The notice of appeal, filed Dec. 11, asserts “the court erred in its consideration and scrutiny of the abusive conduct of using Parabon NanoLabs and the associated privacy concerns.”
During a pretrial abuse-of-process application by the defence, police testified that they chose Parabon because it was able to conduct familial testing to the sixth degree of relatedness, which was much more advanced than Canadian labs at the time.
One officer testified at pretrial hearings that DNA collected by police was first analyzed at the RCMP’s National Forensic Laboratory in Vancouver to see if it matched DNA in semen found inside the victim. If a sample was sent on to Parabon for further genealogical testing, it was numbered and no identifying information was ever included, he said.
The officer said only the DNA sample found inside the victim, DNA from persons of interest and the one sample from the 2018 undercover operation was sent to the U.S. lab.
The officer testified that all DNA samples sent to the RCMP lab were to be destroyed when they were no longer needed.
Crown lawyer Daniel Porte said in December 2022 that Parabon had contractually agreed to keep all of the information classified.
Paula Armentrout, vice-president of Parabon NanoLabs, said in a statement on Friday that it is a private company, that all DNA samples are “consumed” during analysis and the U.S. federal government has no access to analyses.
Sgt. Kim Chamberland of the RCMP National Forensic Laboratory Services said in an email Wednesday that the lab “does not enter profiles generated from known samples, which includes warrant samples from persons of interest, cast-off samples, or voluntary samples into any database or databank.”

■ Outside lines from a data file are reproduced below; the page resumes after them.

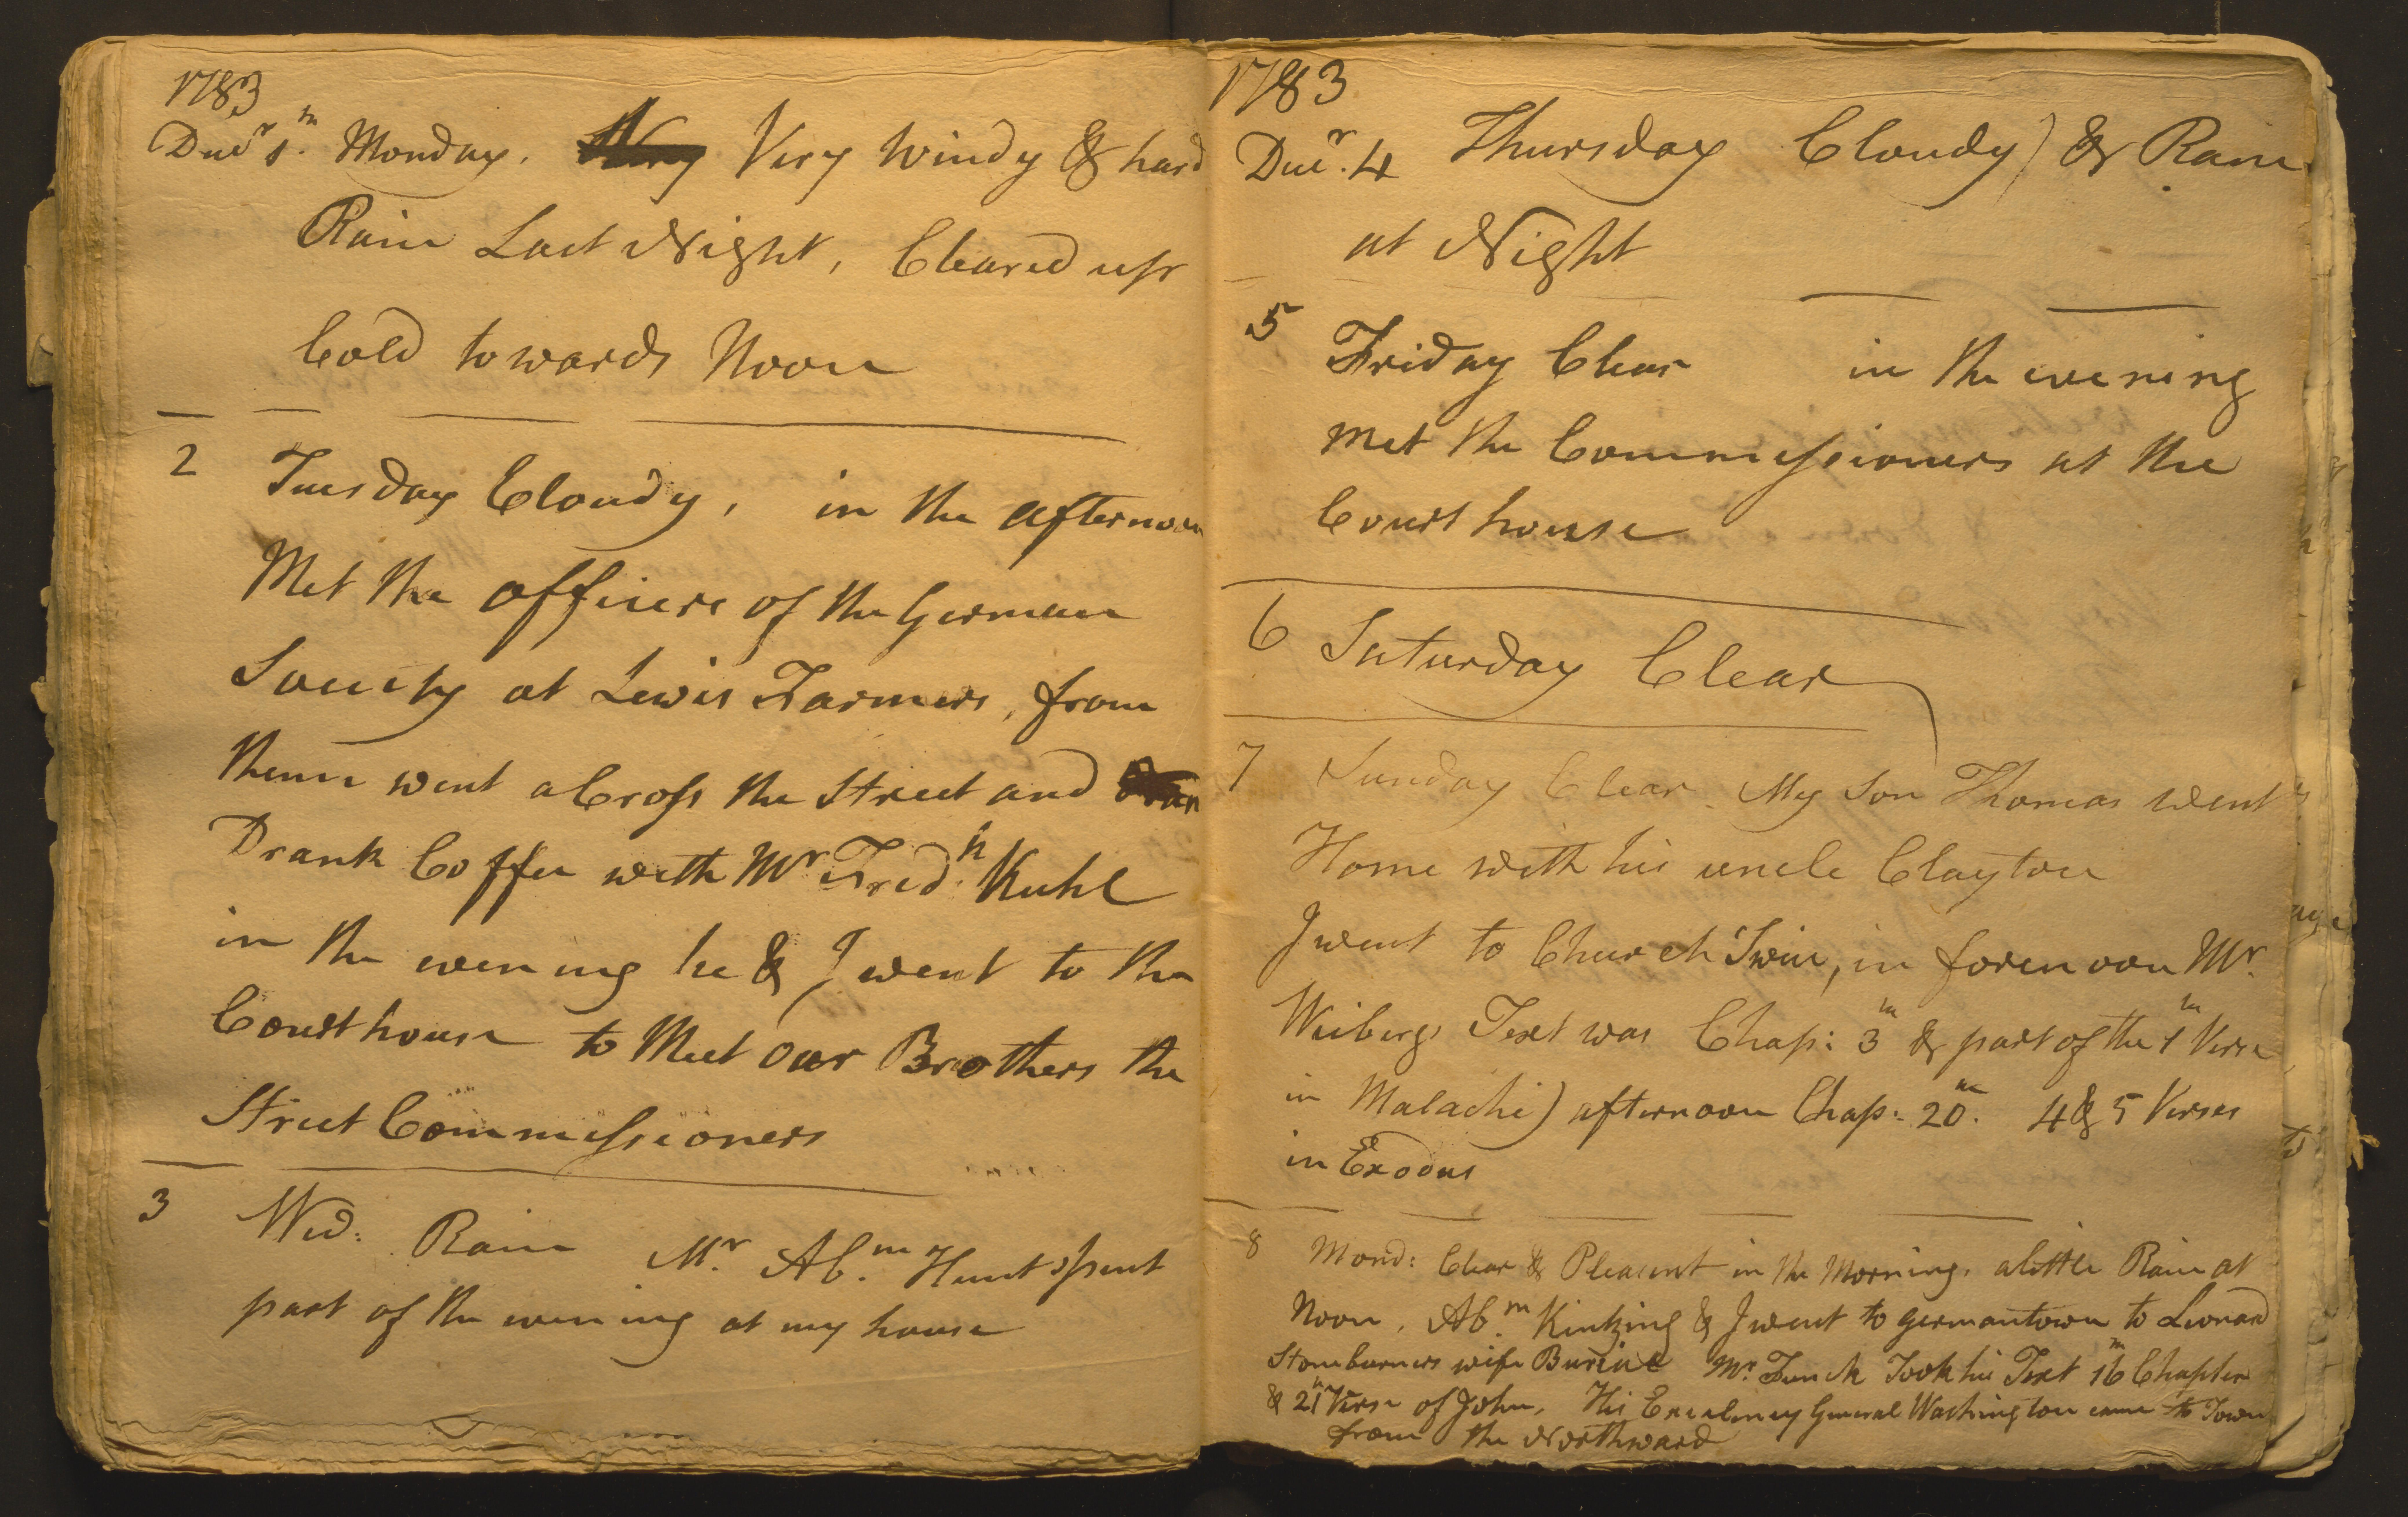1783
Dec^r 1^th. Monday, [____] Very Windy & hard
Rain Last Night, Cleared up
Cold towards Noon
2 Tuesday Cloudy, in the afternoon
Met the officers of the German
Society at Lewis Farmers, from
thence went a Cross the Street and [dran]
Drank Coffee with M^r. Fred^k. Kuhl
in the evening he & I went to the
Coutthour to Meet our Brothers the
Street Commissioners
Wed. Rain M^r. Ab^m. Hunt spent
part of the evening at my house
1783
Dece^r. 4
Thursday Cloudy & Raw
at Night
5
Friday Clear in the evening
met the Commissioners at the
Court house
6 Saturday Clear
Sunday Clear My Son Thomas went
Home with his uncle Clayton
I went to Church Twice, in forenoon M^r.
Weibergs Text was Chap: 3^th & part of the 1^th Verse
in Malachi) afternoon Chap. 20^th. 4 & 5 Verses
in Exodus
8 Mond. Clear & Pleasent in the Morning. a little Rain at
Noon, Ab^m. Kintzing & I went to germantown to Leonard
Stoneburners wife Burial M^r. Tunck Took his Text 16^th Chapter
& 21^th Verse of John, This Excellency General Washington came to Town
from the Northward

“For a specific investigation, the profiles generated from any known samples can only be used for comparison purposes to profiles that have been generated from the crime scene samples for that specific investigation.”
Chamberland said she could not comment on the Ali case, and did not immediately respond to requests for comment about whether police intend to implement forensic genetic genealogical testing in Canada.
While the ethics debate continues, Novroski said legislation around forensic genealogy has not caught up to the science.
“But I think the conversations are being had,” she said. “The genealogy cases are in the media. There’s no way that the federal government or policymakers aren’t taking notice.”
The United States introduced guidelines for forensic genetic genealogical DNA analysis in 2019, which Novroski said could be used as a framework for labs in Canada.
She said it’s difficult to comment on the merits of surreptitious collection versus informed consent collection as different jurisdictions have various laws around investigative techniques.
“I think the best-practice approach moving forward in genetic genealogy is to be paying attention to what the federal government or how federal agencies are responding, and to be staying in accordance with the most up-to-date policies and regulations to ensure that you’re not compromising the integrity of that sample (and) you’re not compromising the integrity of the investigation.”